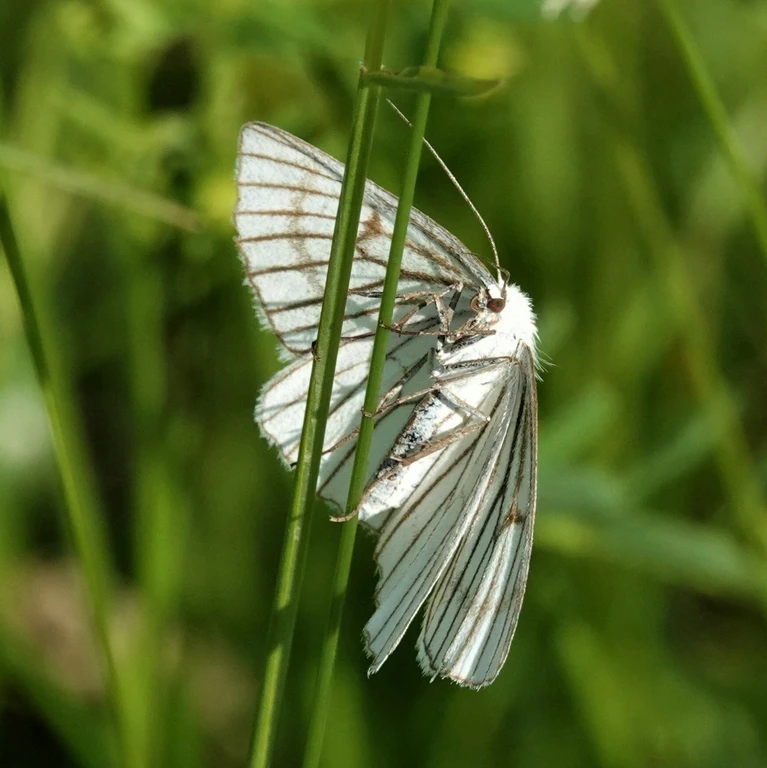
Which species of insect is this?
Siona lineata
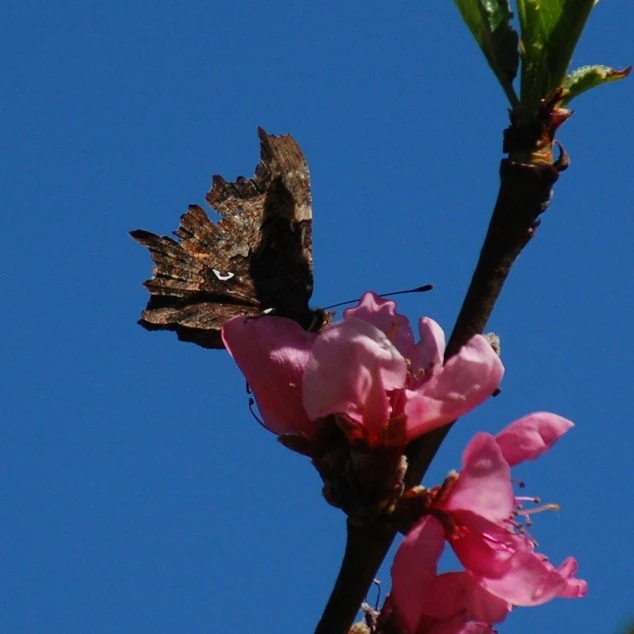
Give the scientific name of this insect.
Polygonia c-album
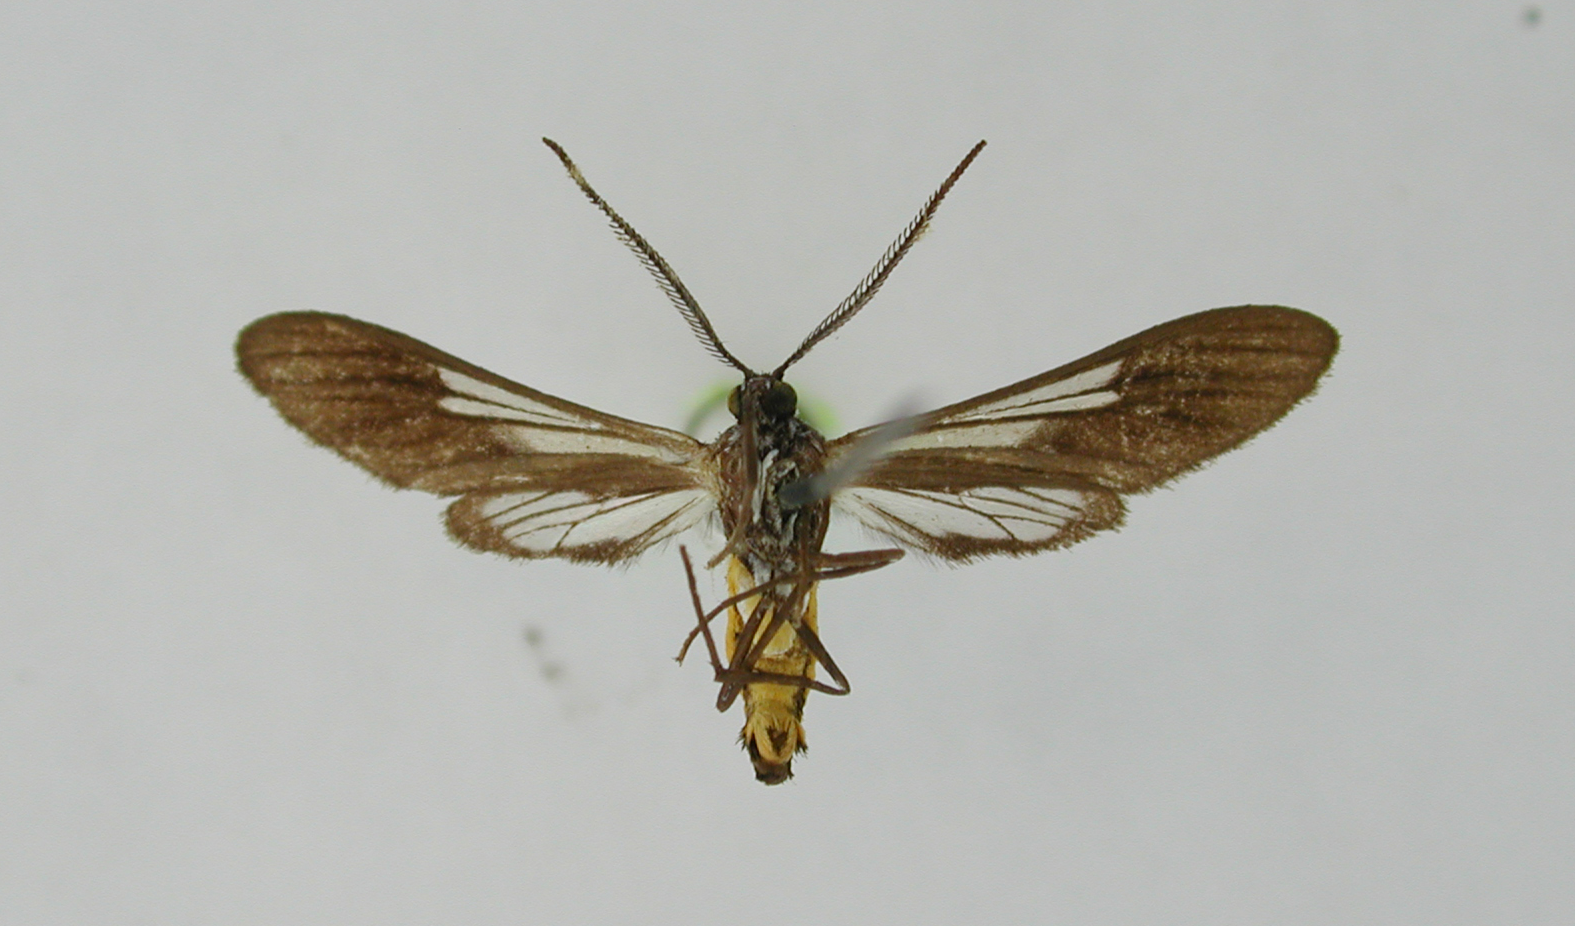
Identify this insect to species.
Saurita bicolor
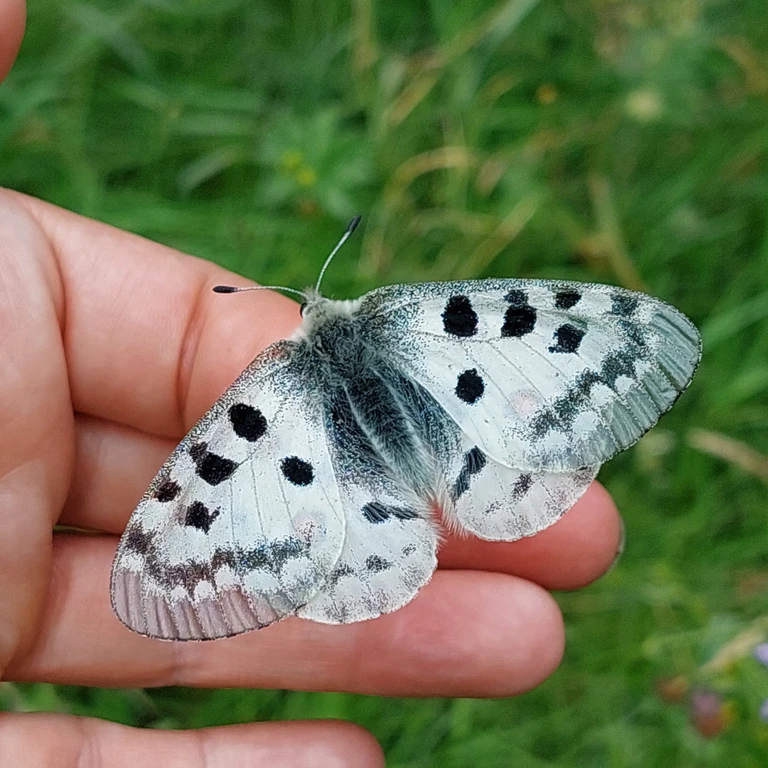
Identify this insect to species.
Parnassius apollo
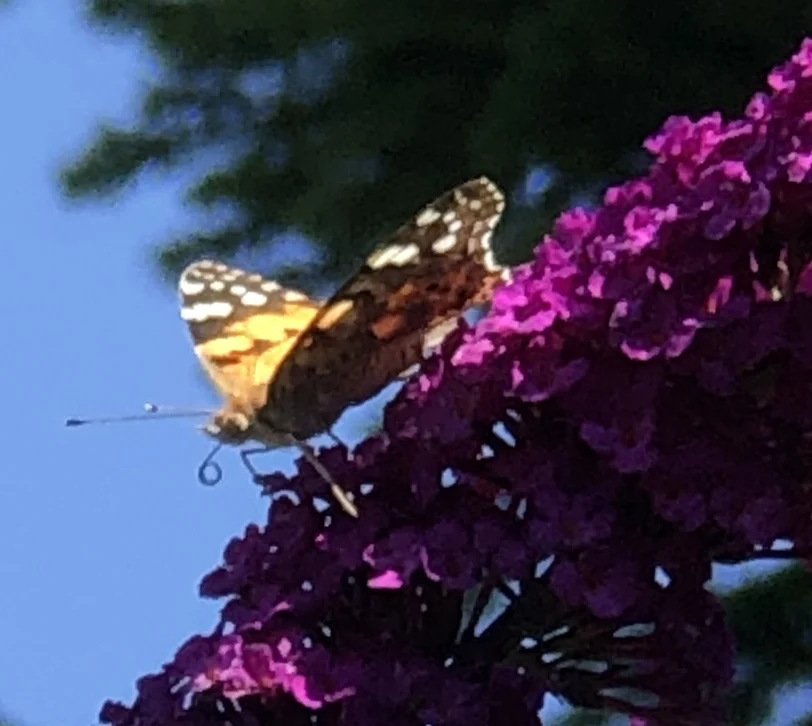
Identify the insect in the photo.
Vanessa cardui
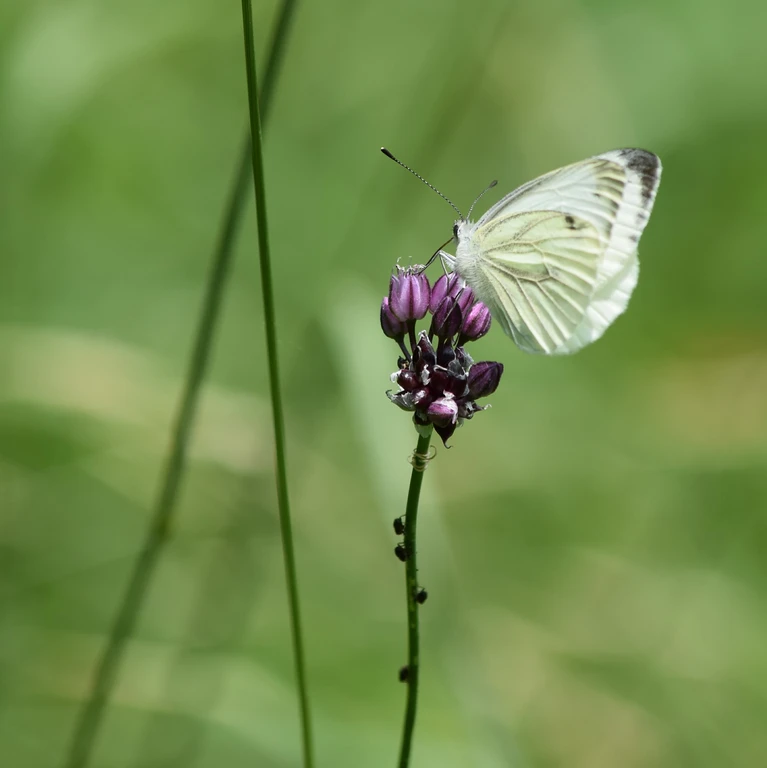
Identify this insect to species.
Pieris napi
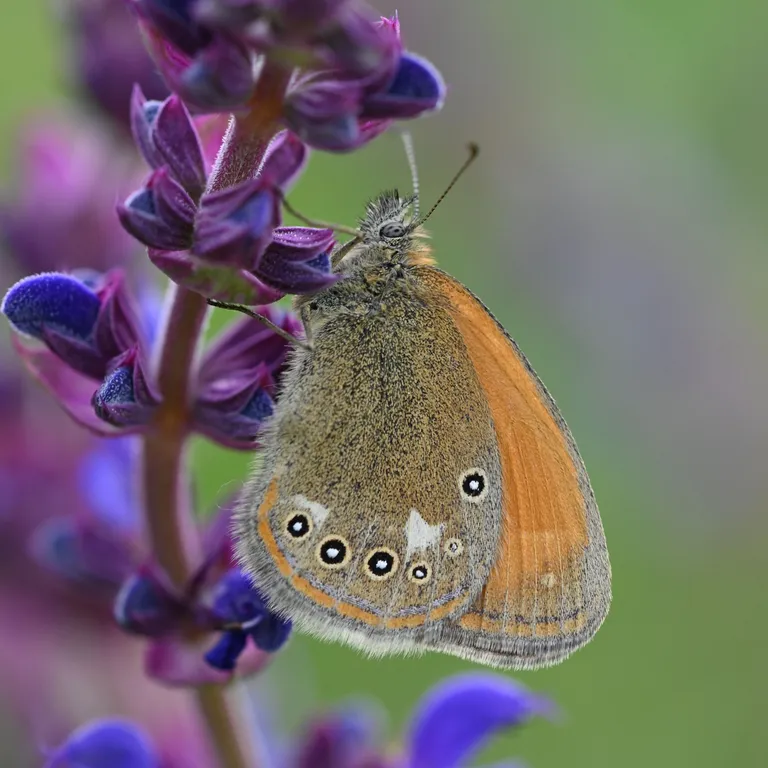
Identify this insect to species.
Coenonympha glycerion (also Coenonympha iphis)

- - -

• TO DO
The response must match the listing exactly, except that pictures are removed.

• COMPLETED EXERCISE
Which species of insect is this?
Siona lineata
Give the scientific name of this insect.
Polygonia c-album
Identify this insect to species.
Saurita bicolor
Identify this insect to species.
Parnassius apollo
Identify the insect in the photo.
Vanessa cardui
Identify this insect to species.
Pieris napi
Identify this insect to species.
Coenonympha glycerion (also Coenonympha iphis)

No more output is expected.